(07/01/2014, 02:25 PM)sheldonison Wrote:(07/01/2014, 10:07 AM)mike3 Wrote: Bummer... did a more accurate measurement on the convergence -- looks like 100 coefficients in each direction will only give 15-16 digits of accuracy.
So, I tried generating a Laurent series for \( f=\exp((\frac{z-1}{z+1})^2) \), wrapped around a unit circle, with similar results for the Laurent series. A Fourier/Laurent series on a unit circle will have the coefficients eventually decay according to the nearest singularity in the complex plane, |a_n| = r^n, or |r|^-n, depending on the radius of that singularity. If the function is not analytic on the unit circle, then the first derivative with the discontinuity determines the rate of decay of the coefficients. I looked for an equation online, something like a_n~n^-(k+1), but couldn't find it. Anyway, in this case, we have a Gaussian, and I'm pretty sure that all of the derivatives are continuous on the unit circle -- and all of the derivatives go to zero at z=-1, where we have the singularity. Hence, the coefficients apparently decay at an almost analytic rate, but not quite, but decay faster than n^-k, where k is any integer.

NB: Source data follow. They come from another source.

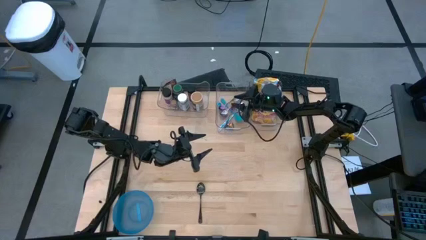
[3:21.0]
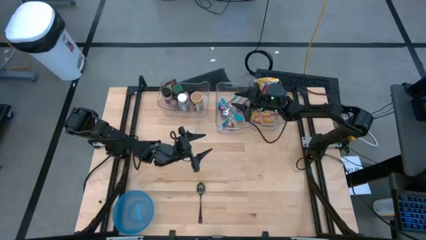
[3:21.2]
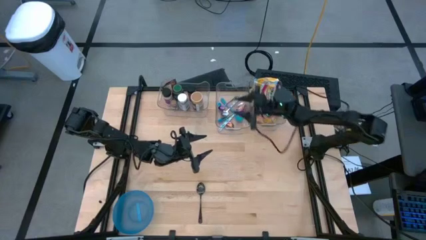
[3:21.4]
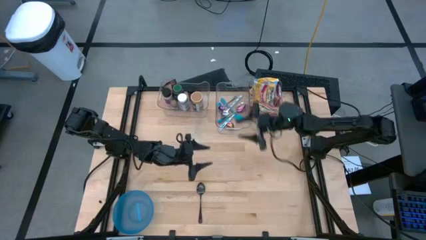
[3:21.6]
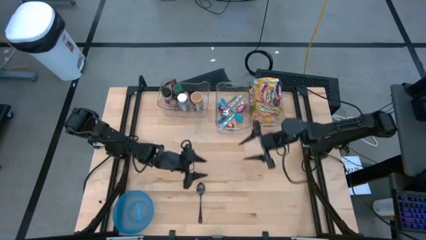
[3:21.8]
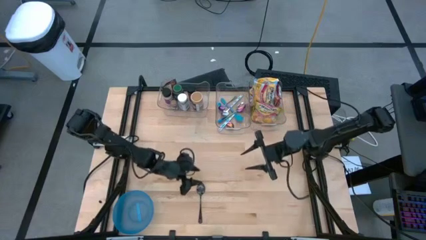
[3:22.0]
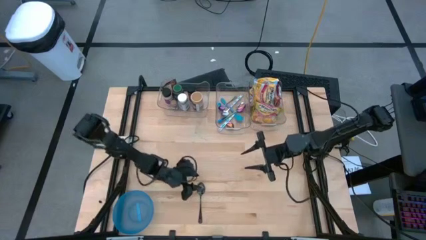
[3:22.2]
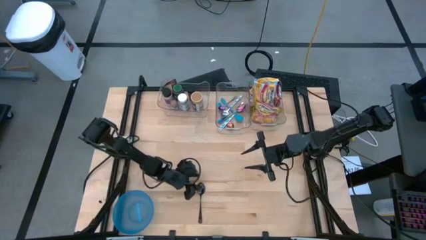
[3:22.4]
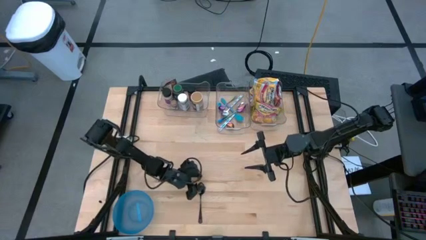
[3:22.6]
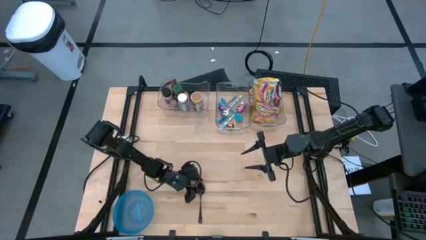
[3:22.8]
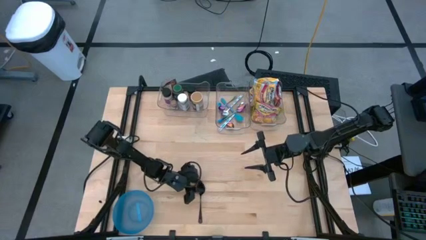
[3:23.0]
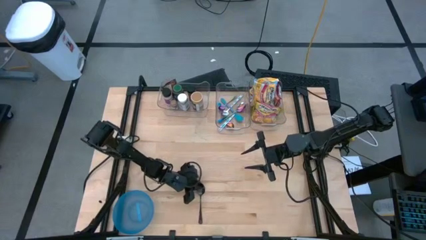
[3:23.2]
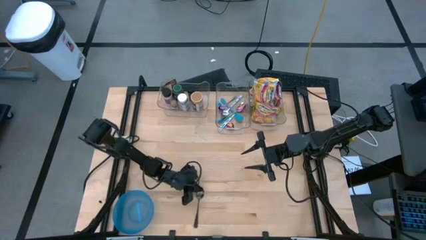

Have you tried using lim n-> oo (1+x/n)^n ~ exp(x) ?
Sorry if this is a bad idea.
Another idea Is using the parallelogram contour integration of G(z).
The parallelogram should be paralel to the pseudoperiod of sexp(z).
Since G(iz) = 0 in the real limit z -> +oo we get that the integral around this paralellogram of G(z) = 0 ( since analytic).
And thus this integral reduces to 2 integrals over a line with slope equal to the speudoperiod.
Now by a staircase nesting of contour integrals we can set up the equations for the points on this line. Though that is complicated.
This relates to my recent idea and thread about pseudo double-periodicity for sexp.
regards
tommy1729